Kalsiyumu düzenleyen hormonlar: Vitamin D eksikliğinde kalsiyumu düzenleyen hormonların bozuklukları,
hiperparatiroidi ve rickets veya osteomalazide kemik kaybına yol açarlar. Bu hastalıklarda, kalsiyum ve fosfat
dengesinde karakteristik biyokimyasal anormallikler görülür. Osteomalazideki tipik değişiklikler osteoporozda
görülmez.
Hafif derecelerde paratirod hormon (PTH), fazlalığı veya eksikliği osteoporoza yol açar. Yetersiz kalsiyum ve
vitamin D alımı, güneş ışığıyla az karşılaşma, sekonder hiperparatiroidiye yol açar ve şüphesiz yaşa bağlı kemik
418|
kaybında rol oynar.

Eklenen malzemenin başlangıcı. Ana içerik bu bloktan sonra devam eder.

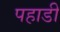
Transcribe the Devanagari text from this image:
पहाडी
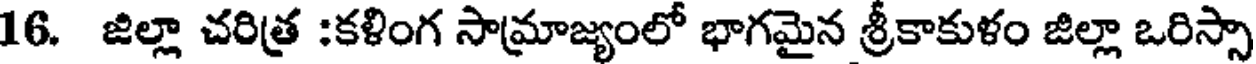
16. జిల్లా చరిత్ర :కళింగ సామ్రాజ్యంలో భాగమైన శ్రీకాకుళం జిల్లా ఒరిస్సా
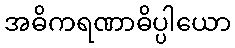
အဓိကရဏာဓိပ္ပါယော
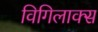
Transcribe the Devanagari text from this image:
विगिलाक्स
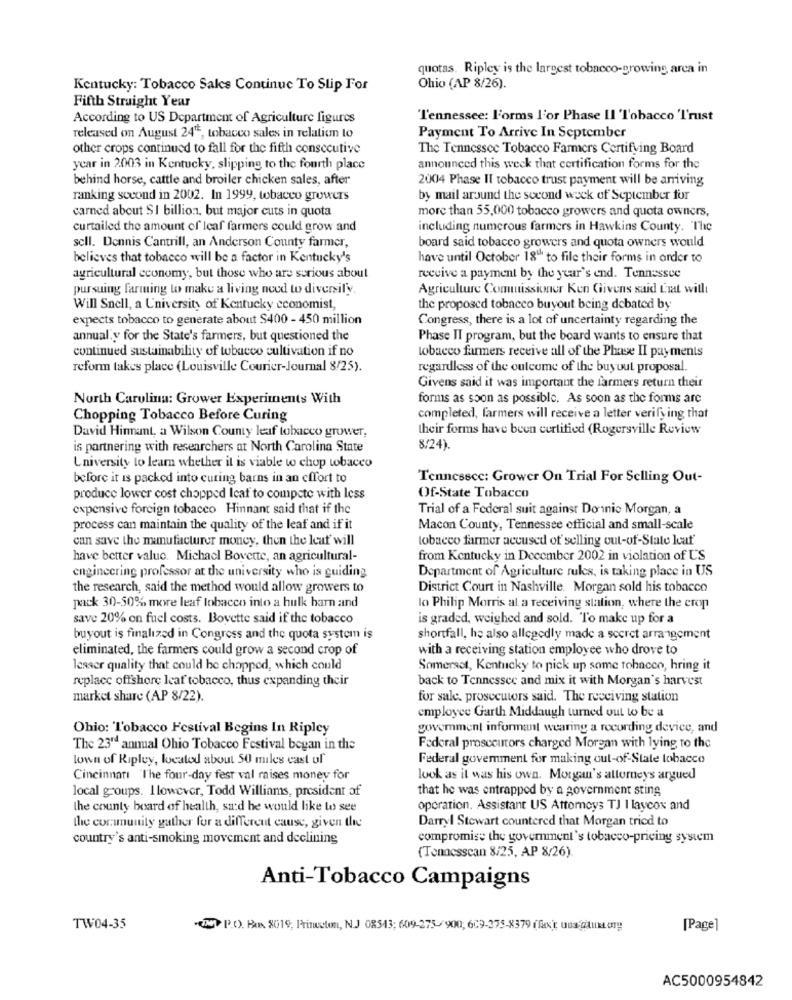
quotas. Ripley is the largest tobacco-growing arca in
Kentucky: Tobacco Sales Continue To Slip For
Ohio (AP 8/26).
Fifth Straight Year
According to US Department of Agriculture figures
Tennessee: Forms l'or Phase II 'Tobacco 'I'rust
released on August 24", tobacco sales in relation to
Payment To Arrive In September
other crops continued to fall for the fifth consecutive
The Tennessee Tobacco Farmers Certifying Board
year in 2003 in Kentucky, slipping to the fourth place
announced this week that certification forms for the
behind horse, cattle and broiler chicken sales, after
2004 Phase II tobacco trust payment will be arriving
ranking second in 2002. In 1999, tobacco growers
by mail around the second week of September for
carned about SI billion, but major cuts in quota
more than 55,000 tobacco growers and quota owners,
curtailed the amount of leaf farmers could grow and
including numerous farmers in Hawkins County. The
sell. Dennis Cantrill, an Anderson County farmer,
board said tobacco growers and quota owners would
believes that tobacco will be a factor in Kentucky's
have until October 18" to file their forms in order to
agricultural economy, but those who are serious about
receive a payment by the year's end. Tennessee
pursuing farming to make a living need to diversify.
Agriculture Commissioner Ken Givens said Csat will
Will Snell, a University of Kentucky economist,
the proposed tobacco buyout being debated by
expects tobacco to generate about $400 - 450 million
Congress, there is a lot of uncertainty regarding the
annual y for the State's farmers, but questioned the
Phase II program, but the board wants to ensure that
continued sustainability of tobacco cultivation if no
tobacco farmers receive all of the Phase II payments
reform takes place (Louisville Courier-Journal 8/25).
regardless of the outcome of the buyout proposal.
Givens said it was important the farmers return their
North Carolina: Grower Experiments With
forms as soon as possible. As soon as the forms are
Chopping Tobacco Before Curing
completed, farmers will receive a letter verifying that
David Hirmant, a Wilson County leaf tobacco grower,
their forms have been certified (Rogersville Review
is partnering with researchers at North Carolina State
8/24).
University to learn whether it is viable to chop tobacco
before it is packed into curing barns in an effort to
Tennessee: Grower On Trial For Selling Out-
produce lower cost chopped Icaf to compete with less
Of-State Tobacco
expensive foreign tobacco Hinnant said that if the
Trial of a Federal suit against Dominio Morgan, a
process can maintain the quality of the leaf and if it
Macon County, Tennessee official and small-scale
can save the manufacturer money, then the leaf will
tobacco farmer accused of selling out-of-State leaf'
have better value. Michael Bovette, an agricultural-
from Kentucky in December 2002 in violation of US
Department of Agriculture rules, is taking place in US
engineering professor at the university who is guiding
the research, said the method would allow growers to
District Court in Nashville. Morgan sold his tobacco
pack 30-50% more leaf tobacco into a hulk barn and
lo Philip Morris al a receiving station, where the crop
save 20% on fuel costs. Bovette said if the tobacco
is graded, weighed and sold. To make up for a
buyout is finalized in Congress and the quota system is
shortfall, he also allegedly made a secret arrangement
eliminated, the farmers could grow a second crop of
with a receiving station employee who drove to
lesser quality that could be chapped, which could
Somerset, Kentucky to pick up some tohacen, hring it
replace offshore leaf tobacco, thus expanding their
back to Tennessee and mix it with Morgan's harvest
market share (AP 8/22).
for sale. prosecutors said. The receiving station
employee Garth Middaugh turned out to be a
Ohio: 'Tobacco Festival Begins In Ripley
goverment informant wearing a recording device, and
The 23rd annual Ohio Tobacco Festival began in the
Federal prosecutors charged Morgan with lying to the
lown of Ripley, located about 50 miles cast of
Federal government for making out-of-State tobacco
Cincinnati The four-day fest val raises money for
look as it was his own. Morgan's attorneys argued
local groups. However, Todd Williams, president of
that he was entrapped by a government sting
the county board of health, sad he would like to see
operation. Assistant US Attorneys TJ I laycox and
Darryl Stewart countered that Morgan tried to
the community gather for a different cause, given the
country's anti-smoking movement and declining
compromise the government's tobacco-pricing system
(Tennessean 8/25, AP 8/26)
Anti-Tobacco Campaigns
TW04-35
(W> P.O. Box 8019, Princeton, N.J 08543; 609-275-900; 609-275-8379 (fx); una Gilux ory
[Page]
AC5000954842

Hiperparatirodiye bağlı kemik hastalığında kortikal kemikte trabeküler kemikten daha fazla
kayıp olur. Osteoporozla karşılaştırıldığında trabeküler bağlantılar daha çok korunmuştur.
Kalsitonin: Kemik rezorbsiyonunu inhibe eder. Kalsitonin eksikliğinin osteoporoz gelişmesine yardım ettiği
düşünülmektedir.
Östrojen: Postmenopozal osteoporoz patogenezinde, östrojen eksikliğinin santral rolü, uzun yıllardır biliniyordu.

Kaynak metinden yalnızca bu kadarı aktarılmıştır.